Suppose \( Ax=b; A\in\mathbb{R}^{m\times n} \) has an exact solution. We indulge in some GE on \(\lbrack A| b\rbrack\) (matrix \(A\) concatenated with \(b\) so that he is its last column). This GE takes \(\frac{2}{3}n^3+O(n^2)\) ops. But we are not done. Now we need to take this new matrix \([U|c]\) and solve \(Ux=c\), which takes \(n^2\) because we are just back substituting.

Now suppose that \( Ax=b; A\in\mathbb{R}^{m\times n} \) does not have an exact solution, which happens most of the time. How does one then produce something close to a solution? The answer is solve \( A^TAx=A^Tb \) instead. In fact this is the goto whenever \(m > n\). As an example lets take linear regression. If we have a bunch of points \( P_1(x_1, y_1), \dots, P_m(x_m, y_m) \) and we want to draw a line closest to them all, we take a 2d line equation \(y=kx+n\) and construct: \(x = \begin{bmatrix} k \\ n \end{bmatrix} \), \(b = \begin{bmatrix} y_1 \\ \vdots \\ y_m \end{bmatrix} \) and finally \(A=\begin{bmatrix}x_1 & 1 \\ \vdots & \vdots \\ x_n & 1 \end{bmatrix}\) and transposing to get \(A^T=\begin{bmatrix}x_1 & \dots & x_n \\ 1&\dots&1 \end{bmatrix}\). If you had a \( y=ax^2+bx+c \) situation then \(x=\begin{bmatrix}a\\b\\c\end{bmatrix}\), \(b\) remains the same and \(A=\begin{bmatrix}x_1^2 & x_1 & 1 \\ \vdots & \vdots & \vdots \\ x_n^2 & x_n & 1 \end{bmatrix}\), and so on.

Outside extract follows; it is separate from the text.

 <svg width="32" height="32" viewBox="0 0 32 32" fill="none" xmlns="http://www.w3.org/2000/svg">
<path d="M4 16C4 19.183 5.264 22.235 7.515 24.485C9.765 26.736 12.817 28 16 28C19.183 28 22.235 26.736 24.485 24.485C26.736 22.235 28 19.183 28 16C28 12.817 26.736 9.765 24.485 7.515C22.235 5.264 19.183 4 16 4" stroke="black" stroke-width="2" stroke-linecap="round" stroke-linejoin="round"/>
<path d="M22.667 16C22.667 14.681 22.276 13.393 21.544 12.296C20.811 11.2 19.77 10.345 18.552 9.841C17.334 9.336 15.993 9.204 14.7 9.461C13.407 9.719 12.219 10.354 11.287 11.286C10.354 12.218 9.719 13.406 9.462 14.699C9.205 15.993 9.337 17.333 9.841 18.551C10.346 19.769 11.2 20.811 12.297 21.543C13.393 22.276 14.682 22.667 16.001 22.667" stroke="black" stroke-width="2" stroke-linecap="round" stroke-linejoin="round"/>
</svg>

However we quickly learn that there are better ways computationally provided we have an exact solution. First consider \(A = LU\). The idea is, lets split rectangle A into two triangles: \(L\) (lower) and \(U\) (upper) then we solve \(LUx=b\), or more precisely \(Ux=y\) then \(Ly=b\). There are two ways to split it: full pivoting and partial pivoting.

Here is how full pivoting works, you start with \(L \lbrack U|b\rbrack\) where \(L=I\) now suppose that you do this operation in GE on \(\lbrack U|b\rbrack\): subtract 4 times row 1 from row 2. Now even tho it says subtract you will actually store positive 4 to your \(L\) in row 2 (if it said add then you would store negative). So the corner of \(L\) now looks like \(\begin{bmatrix}1&0&\cdots\\4&1&\cdots \\ 0&0&1&\cdots \\ \vdots&\vdots&\vdots&\ddots \end{bmatrix}\). We repeat this process until \(U\) is upper triangular. And at that point \(L\) is lower triangular and our \(A=LU\) is done. So now what is partial pivoting? It is the same as pivoting but one key difference, before we decide to subtract row 1 from row 2, we scout for other rows and find the maximum row (specifically the one that has the largest first non-zero entry) and we substitute him with row 2, then perform, say 4 times row 1 from row 2, this results in a different matrices \(L\) and \(U\). Note that we do not swap the rows of \(L\) ever, but rows of \(U\) and \(b\) change always. After we are done we need to do back substitution when solving for \(Ux=y\) which takes \(n^2\) ops. And then forward substitution when solving \(Ly=b\) which takes \(n^2-n\) ops.